# New look on my landscape site! Feedback = Your Awesome!



## spacefuzz (Sep 6, 2012)

Would love any and all feedback on what you think would make my site better! 
Just switched from smugmug to squarespace and the interface seems a lot more intuitive. 

Matthew Kuhns Photography


----------



## Jaemie (Sep 6, 2012)

I feel like this is a personal website more than a professional website, since I didn't see any references to professional work. The "about" page is short and nice - "award-winning" always looks good. 

One thing I don't like is the hard transition between photos on the home page. I'd rather they transitioned smoothly. 

Lovely work. And I like the way the images on your home page almost slide out of my screen and onto my keyboard! Nice.


----------



## Rick58 (Sep 6, 2012)

Echoing Jaemie. Your work is very nice. As a side note, I love "White Yosemite". It almost has a charcoal drawing look.


----------



## spacefuzz (Sep 6, 2012)

Jaemie said:


> I feel like this is a personal website more than a professional website, since I didn't see any references to professional work. The "about" page is short and nice - "award-winning" always looks good.



What sort of references to professional work are you looking for?


----------



## jaicatalano (Sep 6, 2012)

Echoing Jaemie as well. Lovely photos. My question is what are you looking to achieve? 

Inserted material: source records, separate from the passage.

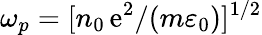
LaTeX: \omega_{p}=[n_{0}\, \mathrm{e}^{2}/(m\varepsilon_{0})]^{1/2}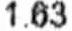
1.63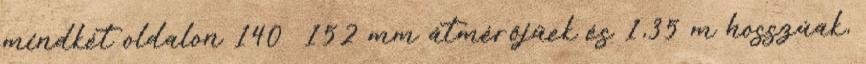
mindkét oldalon 140 152 mm átmérőjűek és 1,35 m hosszúak,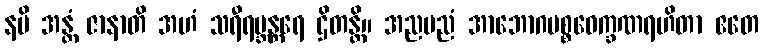
နပိ အန္တံ ဇာနာတိ အဟံ သရီရဗ္ဘန္တရေ ဌိတန္တိ။ အညမညံ အာဘောဂပစ္စဝေက္ခဏရဟိတာ ဧတေ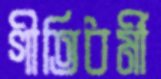
গীতিধর্মী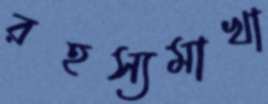
রহস্যমাখা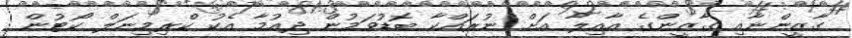
ގާޒީންނާއި ގާޒީންގެ އާއިލާ އަށް ނުރައްކާ ބޮޑުވަމުން ދިއުމާ އެކު ކްރިމިނަލް ކޯޓުން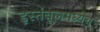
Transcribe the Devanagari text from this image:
इस्तंबूलमध्येच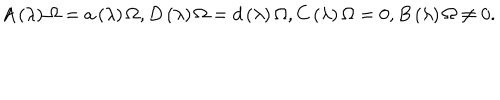
LaTeX: A \left( \lambda \right) \Omega = a \left( \lambda \right) \Omega , D \left( \lambda \right) \Omega = d \left( \lambda \right) \Omega , C \left( \lambda \right) \Omega = 0 , B \left( \lambda \right) \Omega \neq 0 .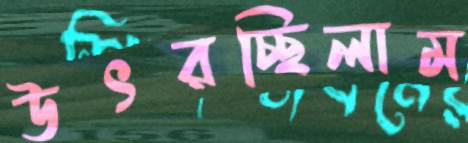
উৎরচ্ছিলাম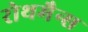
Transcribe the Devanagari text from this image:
रोथमैन्स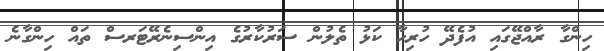
ހިންގާ ރާއްޖޭގައި އުފެދޭ ހުރިހާ ކަޅު ތެލުން ސަރުކާރުގެ އިންސިނެރޭޓަރސް ތައް ހިންގާނެ

You have a minimalist site which for some is all you need.


----------



## Jaemie (Sep 6, 2012)

spacefuzz said:


> Jaemie said:
> 
> 
> > I feel like this is a personal website more than a professional website, since I didn't see any references to professional work. The "about" page is short and nice - "award-winning" always looks good.
> ...



Actually, I wasn't looking for anything in particular. I was only trying to determine the main purpose of the website. To sell prints? As a professional portfolio to attract clients? To display your work as an amateur? I see you're published - that's wonderful! Are you using this website to promote your work to other publications? Those were the kinds of questions running through my head as I clicked through.


----------



## Boney (Sep 6, 2012)

Drop dead beautiful pictures.   I may be selling my equipment.


----------



## ceejtank (Sep 6, 2012)

Great Shots.


----------



## spacefuzz (Sep 6, 2012)

Jaemie said:
			
		

> Actually, I wasn't looking for anything in particular. I was only trying to determine the main purpose of the website. To sell prints? As a professional portfolio to attract clients? To display your work as an amateur? I see you're published - that's wonderful! Are you using this website to promote your work to other publications? Those were the kinds of questions running through my head as I clicked through.

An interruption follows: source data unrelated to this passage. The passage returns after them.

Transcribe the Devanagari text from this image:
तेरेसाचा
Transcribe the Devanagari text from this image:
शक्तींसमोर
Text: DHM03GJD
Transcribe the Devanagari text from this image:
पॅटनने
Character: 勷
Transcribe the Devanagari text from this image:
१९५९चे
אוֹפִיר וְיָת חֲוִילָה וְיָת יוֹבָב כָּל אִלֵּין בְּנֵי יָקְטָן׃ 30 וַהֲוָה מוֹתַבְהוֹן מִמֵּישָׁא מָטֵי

Cool thanks! My main goal is to sell prints.  It would be awesome to attract clients but I don't think that's too prevalent in the landscape world.  Gave out ~500 cards at shows this summer so wanted a more modern looking site to send them too. I also wanted to start a blog / mailing list to keep people's interest over time.


----------



## Majeed Badizadegan (Sep 6, 2012)

The site looks great. The images you chose are wonderful. You've got some great shots. 

If you plan to funnel potential buyers through your site, which it seems like you do, you need a "buy a print" option near the photos.


----------



## sarahhearn (Sep 21, 2012)

Your website is incredible. All the pictures are great and ones I would see on calendars.


----------